═════ Records for this task

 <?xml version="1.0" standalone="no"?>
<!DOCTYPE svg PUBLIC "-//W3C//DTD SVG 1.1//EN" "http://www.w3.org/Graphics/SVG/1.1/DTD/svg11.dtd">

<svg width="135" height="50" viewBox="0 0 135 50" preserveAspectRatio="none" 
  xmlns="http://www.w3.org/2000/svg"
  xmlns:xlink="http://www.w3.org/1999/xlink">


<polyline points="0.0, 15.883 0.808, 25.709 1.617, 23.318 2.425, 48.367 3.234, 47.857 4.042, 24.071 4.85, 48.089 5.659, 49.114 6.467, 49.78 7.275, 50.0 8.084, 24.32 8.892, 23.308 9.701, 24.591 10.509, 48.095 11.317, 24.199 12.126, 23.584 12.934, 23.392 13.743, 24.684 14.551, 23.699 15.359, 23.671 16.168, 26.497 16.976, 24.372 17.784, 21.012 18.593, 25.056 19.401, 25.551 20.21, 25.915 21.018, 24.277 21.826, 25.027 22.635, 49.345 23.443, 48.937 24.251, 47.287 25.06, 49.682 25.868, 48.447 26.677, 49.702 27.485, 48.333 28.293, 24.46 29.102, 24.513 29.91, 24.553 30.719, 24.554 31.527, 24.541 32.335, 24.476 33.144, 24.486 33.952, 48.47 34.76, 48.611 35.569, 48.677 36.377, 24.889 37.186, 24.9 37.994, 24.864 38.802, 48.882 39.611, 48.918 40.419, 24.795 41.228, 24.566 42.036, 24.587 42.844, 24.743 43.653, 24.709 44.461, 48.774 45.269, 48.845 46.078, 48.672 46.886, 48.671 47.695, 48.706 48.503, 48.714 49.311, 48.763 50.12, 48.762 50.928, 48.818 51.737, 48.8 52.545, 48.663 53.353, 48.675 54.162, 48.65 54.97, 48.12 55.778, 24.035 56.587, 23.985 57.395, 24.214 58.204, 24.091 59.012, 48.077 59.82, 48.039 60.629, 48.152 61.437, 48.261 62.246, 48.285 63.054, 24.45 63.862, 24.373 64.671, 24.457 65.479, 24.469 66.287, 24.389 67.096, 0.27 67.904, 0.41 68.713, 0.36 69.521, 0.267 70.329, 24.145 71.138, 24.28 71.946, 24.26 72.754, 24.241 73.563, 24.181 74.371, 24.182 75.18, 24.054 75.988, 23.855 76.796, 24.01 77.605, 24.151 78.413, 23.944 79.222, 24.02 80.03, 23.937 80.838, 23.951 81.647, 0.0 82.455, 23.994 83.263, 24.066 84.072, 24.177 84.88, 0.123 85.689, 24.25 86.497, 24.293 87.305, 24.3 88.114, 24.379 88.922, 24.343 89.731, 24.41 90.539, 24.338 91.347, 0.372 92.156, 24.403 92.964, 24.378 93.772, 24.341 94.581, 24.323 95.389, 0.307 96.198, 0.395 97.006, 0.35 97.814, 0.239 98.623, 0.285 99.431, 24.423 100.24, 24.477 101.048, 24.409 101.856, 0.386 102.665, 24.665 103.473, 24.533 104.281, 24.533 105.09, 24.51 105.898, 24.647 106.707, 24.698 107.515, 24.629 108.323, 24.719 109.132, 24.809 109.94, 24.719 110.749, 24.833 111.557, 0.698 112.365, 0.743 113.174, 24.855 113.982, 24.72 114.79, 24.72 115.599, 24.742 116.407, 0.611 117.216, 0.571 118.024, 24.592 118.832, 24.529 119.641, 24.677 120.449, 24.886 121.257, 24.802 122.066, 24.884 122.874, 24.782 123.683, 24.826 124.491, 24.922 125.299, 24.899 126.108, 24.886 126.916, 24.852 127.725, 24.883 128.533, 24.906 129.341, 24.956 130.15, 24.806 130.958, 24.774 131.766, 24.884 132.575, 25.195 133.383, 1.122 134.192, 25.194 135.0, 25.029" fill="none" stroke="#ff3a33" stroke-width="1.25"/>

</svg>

══════════

— Exercise prompt —
A bare number is all that is asked for: the count of lines above that include "http".

— Completed exercise —
3